Reproduce the data below in full and to the letter, images excepted.

Excerpted records: Begin

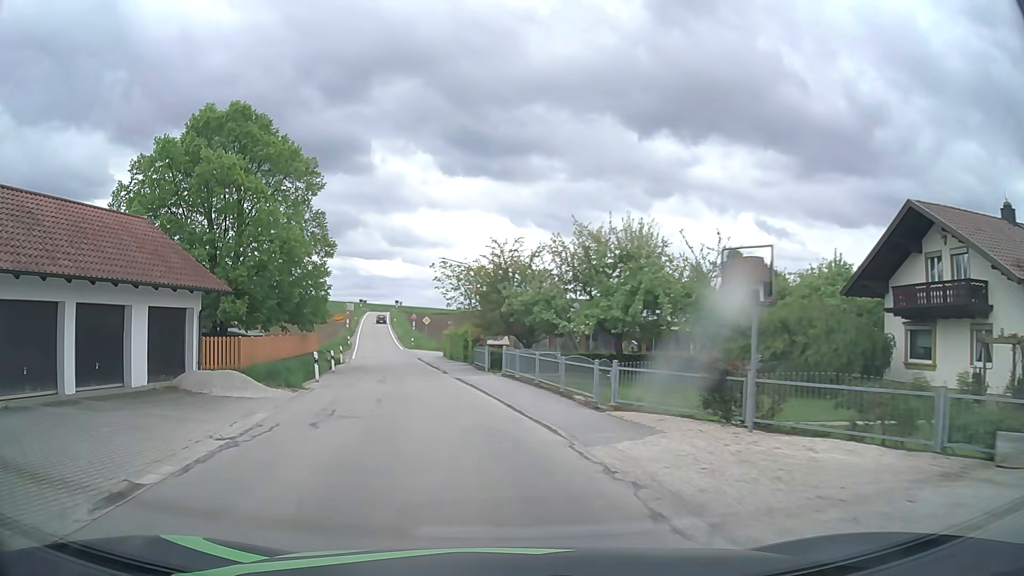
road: tertiary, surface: asphalt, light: Day
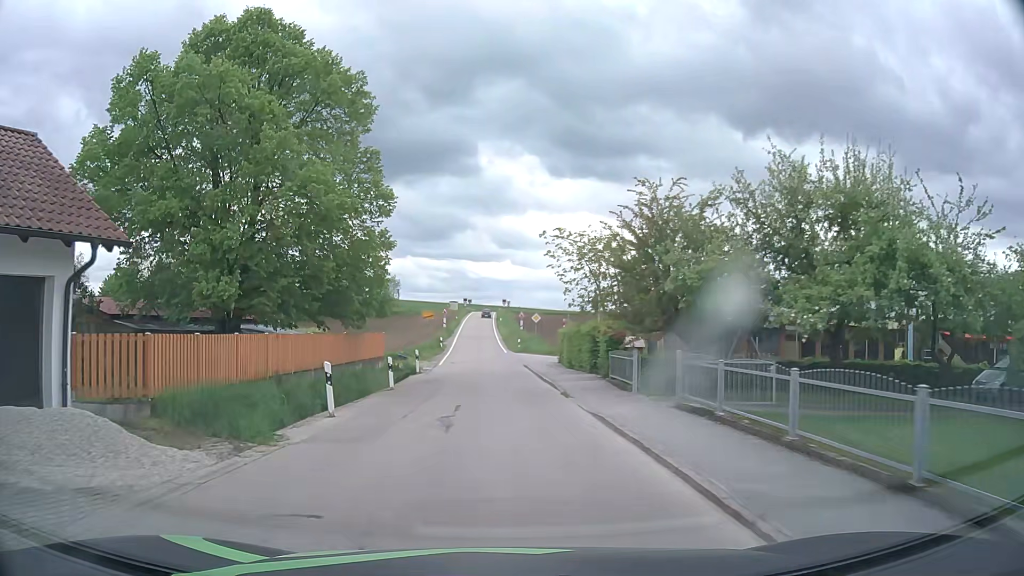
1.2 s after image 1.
(-0.7, +11.5) m; -8°
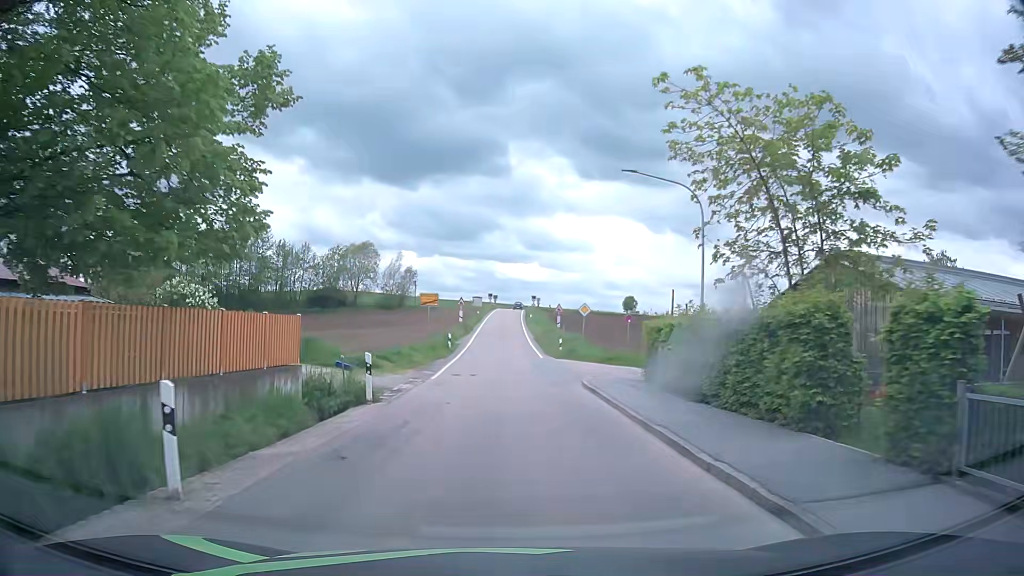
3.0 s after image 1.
(-0.5, +16.1) m; -3°
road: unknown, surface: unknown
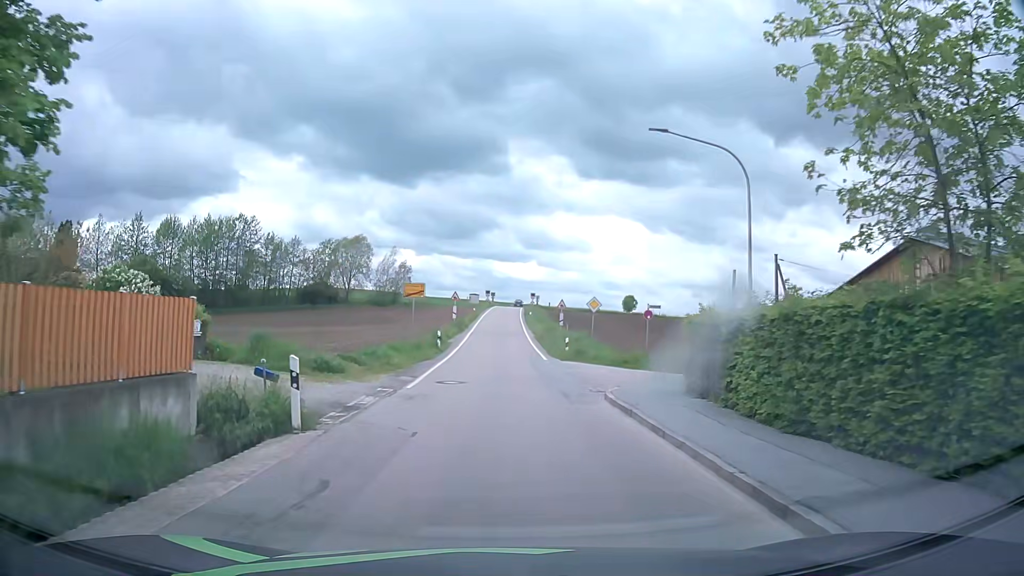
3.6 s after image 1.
(0.0, +5.0) m; +1°
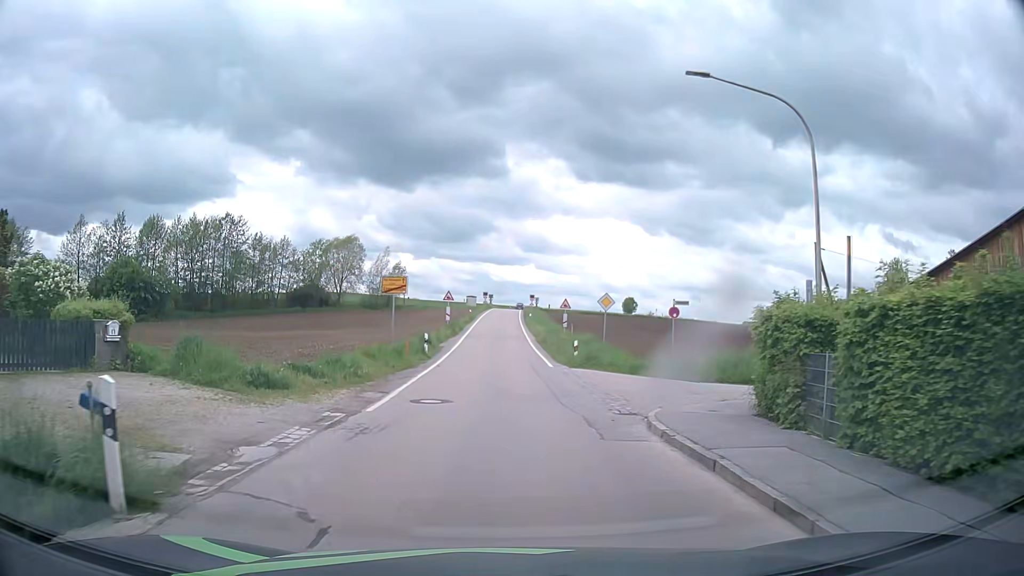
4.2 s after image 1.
(0.0, +4.7) m; -1°
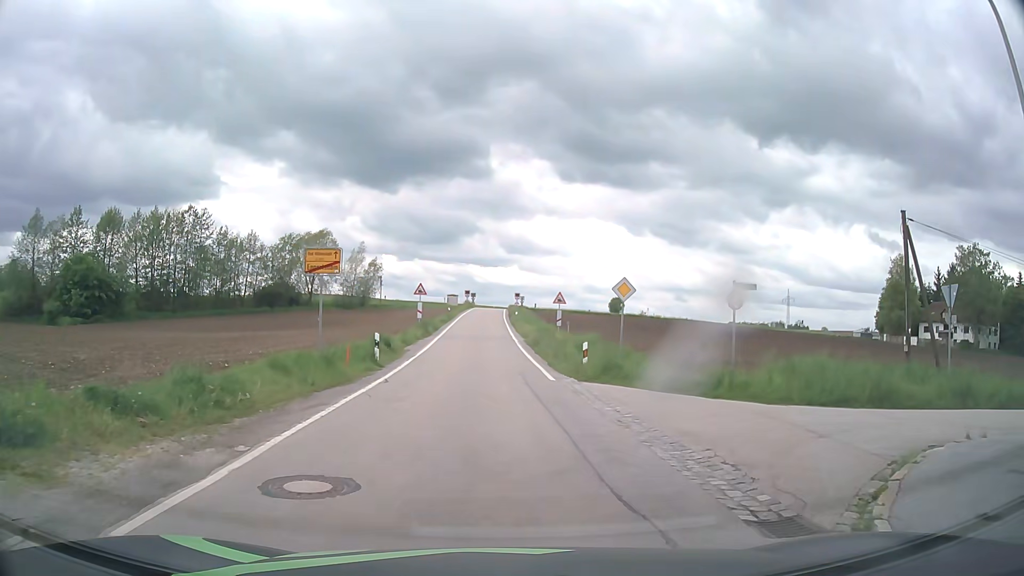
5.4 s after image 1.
(+0.1, +7.7) m; +2°
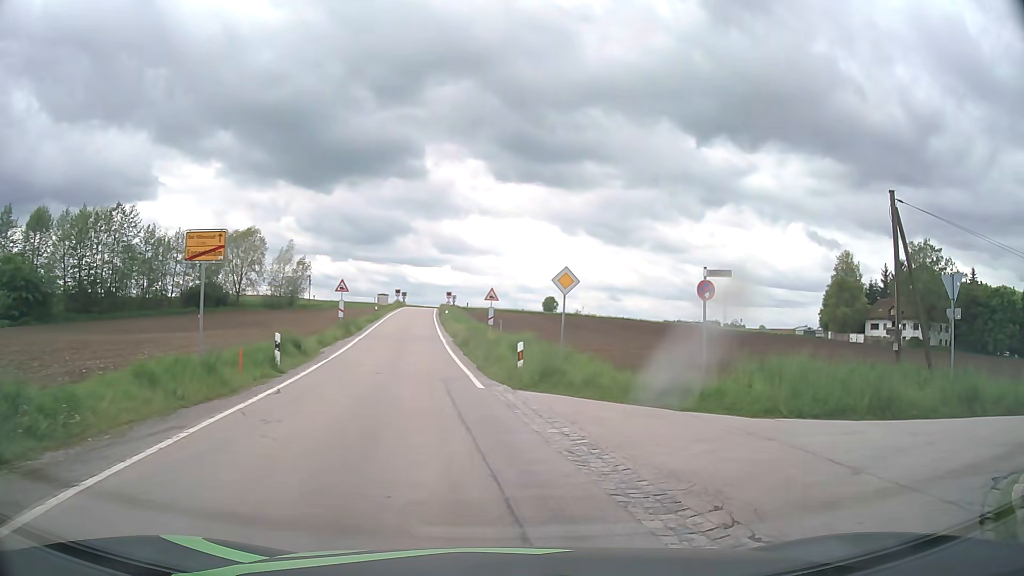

Excerpted records: End

Result for this exercise:
road: tertiary, surface: asphalt, light: Day
1.2 s after image 1.
(-0.7, +11.5) m; -8°
3.0 s after image 1.
(-0.5, +16.1) m; -3°
road: unknown, surface: unknown
3.6 s after image 1.
(0.0, +5.0) m; +1°
4.2 s after image 1.
(0.0, +4.7) m; -1°
5.4 s after image 1.
(+0.1, +7.7) m; +2°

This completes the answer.